The problem. A faithful copy is required. Print each line of the data exactly and omit the pictures.

[Extracted data entries]
++++++++

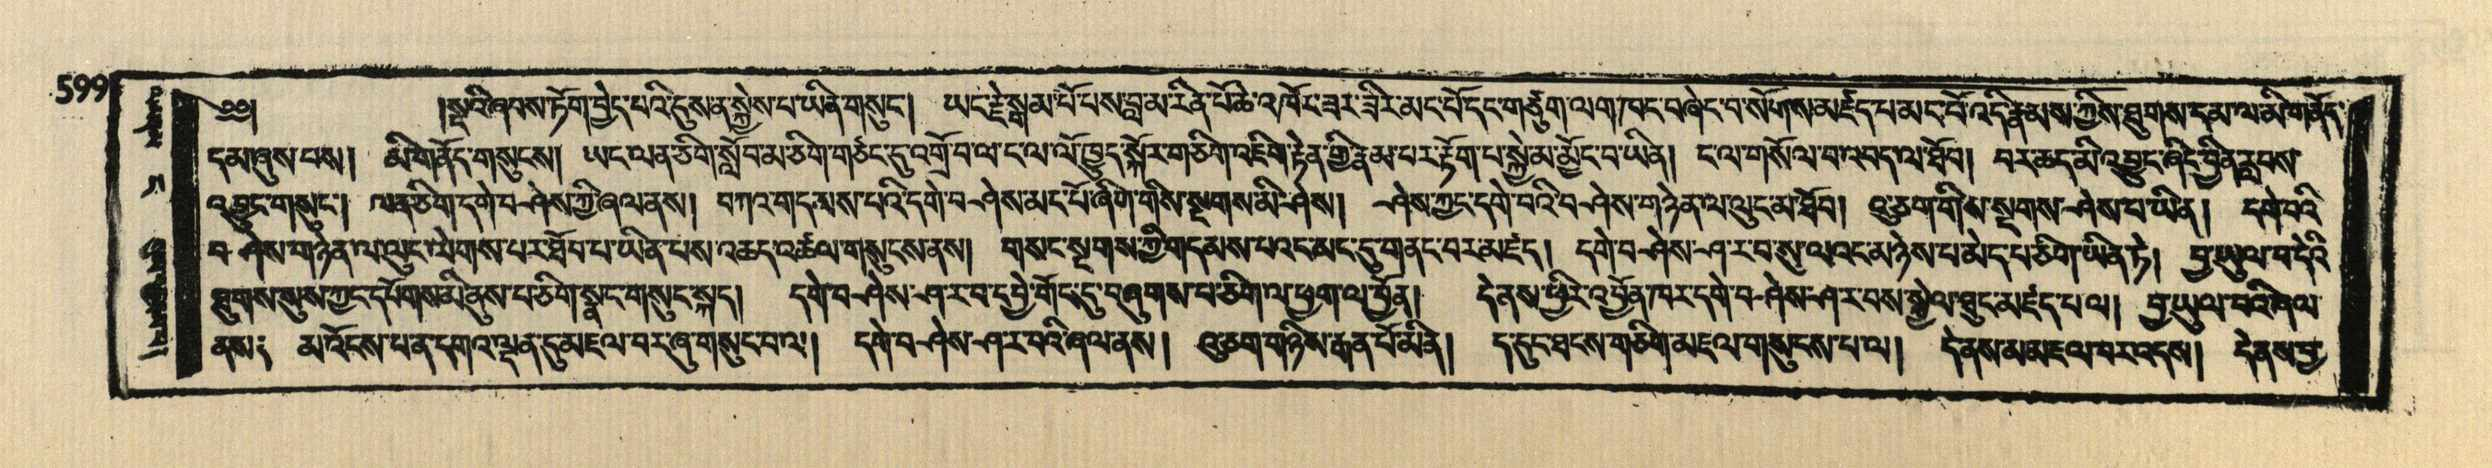༄༅། །སྔའི་ཞབས་ཏོག་བྱེད་པའི་དུས་ན་སྐྱེས་པ་ཡིན་གསུང་། ཡང་རྗེ་སྒམ་པོ་པས་བླ་མ་རིན་པོ་ཆེ་འཁོར་ཟར་ཟིར་མང་པོ་དང་གཙུག་ལག་ཁང་བཞེང་བ་སོགས་མཛད་པ་མང་པོ་འདི་རྣམས་ཀྱིས་ཐུགས་དམ་ལ་མི་གནོད་
དམ་ཞུས་པས། མི་གནོད་གསུངས། ཡང་ལན་ཅིག་སློབ་མ་ཅིག་གཙང་དུ་འགྲོ་བ་ལ་ང་ལ་ལོ་ཁྱུད་སྐོར་གཅིག་འཇིག་རྟེན་གྱི་རྣམ་པར་རྟོག་པ་སྐྱེ་མ་མྱོང་བ་ཡིན། ང་ལ་གསོལ་བ་འབད་ལ་ཐོབ། བར་ཆད་མི་འབྱུང་ཞིང་བྱིན་རླབས་
འབྱུང་གསུང་། ལན་ཅིག་དགེ་བཤེས་ཀྱི་ཞལ་ནས། བཀའ་གདམས་པའི་དགེ་བཤེས་མང་པོ་ཞིག་གིས་སྔགས་མི་ཤེས། ཤེས་ཀྱང་དགེ་བའི་བཤེས་གཉེན་ལ་ལུང་མ་ཐོབ། འུ་ཅག་གིས་སྔགས་ཤེས་པ་ཡིན། དགེ་བའི་
བཤེས་གཉེན་ལ་ལུང་ལེགས་པར་ཐོབ་པ་ཡིན་པས་འཆད་འཚལ་གསུངས་ནས། གསང་སྔགས་ཀྱི་གདམས་པའང་མང་དུ་གནང་བར་མཛད། དགེ་བཤེས་ཤ་ར་བ་སུ་ལའང་མཉེས་པ་མེད་པ་ཅིག་ཡིན་ཏེ། བྱ་ཡུལ་བ་དེའི་
ཐུགས་སུས་ཀྱང་དཔོགས་མི་ནུས་པ་ཅིག་སྣང་གསུང་སྐད། དགེ་བཤེས་ཤ་ར་བ་དབྱེ་གོང་དུ་བཞུགས་པ་ཅིག་ལ་ཕྱག་ལ་བྱོན། དེ་ནས་ཕྱིར་འབྱོན་ཁར་དགེ་བཤེས་ཤ་ར་བས་སྐྱེལ་ཐུང་མཛད་པ་ལ། བྱ་ཡུལ་བའི་ཞལ་
ནས༑ མ་འོངས་པ་ན་དགའ་ལྡན་དུ་མཇལ་བར་ཞུ་གསུང་བ་ལ། དགེ་བཤེས་ཤ་ར་བའི་ཞལ་ནས། འུ་ཅག་གཉིས་རྒན་པོ་མིན། ད་དུང་ཐང་གཅིག་མཇལ་གསུངས་པ་ལ། དེ་ནས་མ་མཇལ་བར་འདས། དེ་ནས་བྱ་

++++++++

Result below.
༄༅། །སྔའི་ཞབས་ཏོག་བྱེད་པའི་དུས་ན་སྐྱེས་པ་ཡིན་གསུང་། ཡང་རྗེ་སྒམ་པོ་པས་བླ་མ་རིན་པོ་ཆེ་འཁོར་ཟར་ཟིར་མང་པོ་དང་གཙུག་ལག་ཁང་བཞེང་བ་སོགས་མཛད་པ་མང་པོ་འདི་རྣམས་ཀྱིས་ཐུགས་དམ་ལ་མི་གནོད་
དམ་ཞུས་པས། མི་གནོད་གསུངས། ཡང་ལན་ཅིག་སློབ་མ་ཅིག་གཙང་དུ་འགྲོ་བ་ལ་ང་ལ་ལོ་ཁྱུད་སྐོར་གཅིག་འཇིག་རྟེན་གྱི་རྣམ་པར་རྟོག་པ་སྐྱེ་མ་མྱོང་བ་ཡིན། ང་ལ་གསོལ་བ་འབད་ལ་ཐོབ། བར་ཆད་མི་འབྱུང་ཞིང་བྱིན་རླབས་
འབྱུང་གསུང་། ལན་ཅིག་དགེ་བཤེས་ཀྱི་ཞལ་ནས། བཀའ་གདམས་པའི་དགེ་བཤེས་མང་པོ་ཞིག་གིས་སྔགས་མི་ཤེས། ཤེས་ཀྱང་དགེ་བའི་བཤེས་གཉེན་ལ་ལུང་མ་ཐོབ། འུ་ཅག་གིས་སྔགས་ཤེས་པ་ཡིན། དགེ་བའི་
བཤེས་གཉེན་ལ་ལུང་ལེགས་པར་ཐོབ་པ་ཡིན་པས་འཆད་འཚལ་གསུངས་ནས། གསང་སྔགས་ཀྱི་གདམས་པའང་མང་དུ་གནང་བར་མཛད། དགེ་བཤེས་ཤ་ར་བ་སུ་ལའང་མཉེས་པ་མེད་པ་ཅིག་ཡིན་ཏེ། བྱ་ཡུལ་བ་དེའི་
ཐུགས་སུས་ཀྱང་དཔོགས་མི་ནུས་པ་ཅིག་སྣང་གསུང་སྐད། དགེ་བཤེས་ཤ་ར་བ་དབྱེ་གོང་དུ་བཞུགས་པ་ཅིག་ལ་ཕྱག་ལ་བྱོན། དེ་ནས་ཕྱིར་འབྱོན་ཁར་དགེ་བཤེས་ཤ་ར་བས་སྐྱེལ་ཐུང་མཛད་པ་ལ། བྱ་ཡུལ་བའི་ཞལ་
ནས༑ མ་འོངས་པ་ན་དགའ་ལྡན་དུ་མཇལ་བར་ཞུ་གསུང་བ་ལ། དགེ་བཤེས་ཤ་ར་བའི་ཞལ་ནས། འུ་ཅག་གཉིས་རྒན་པོ་མིན། ད་དུང་ཐང་གཅིག་མཇལ་གསུངས་པ་ལ། དེ་ནས་མ་མཇལ་བར་འདས། དེ་ནས་བྱ་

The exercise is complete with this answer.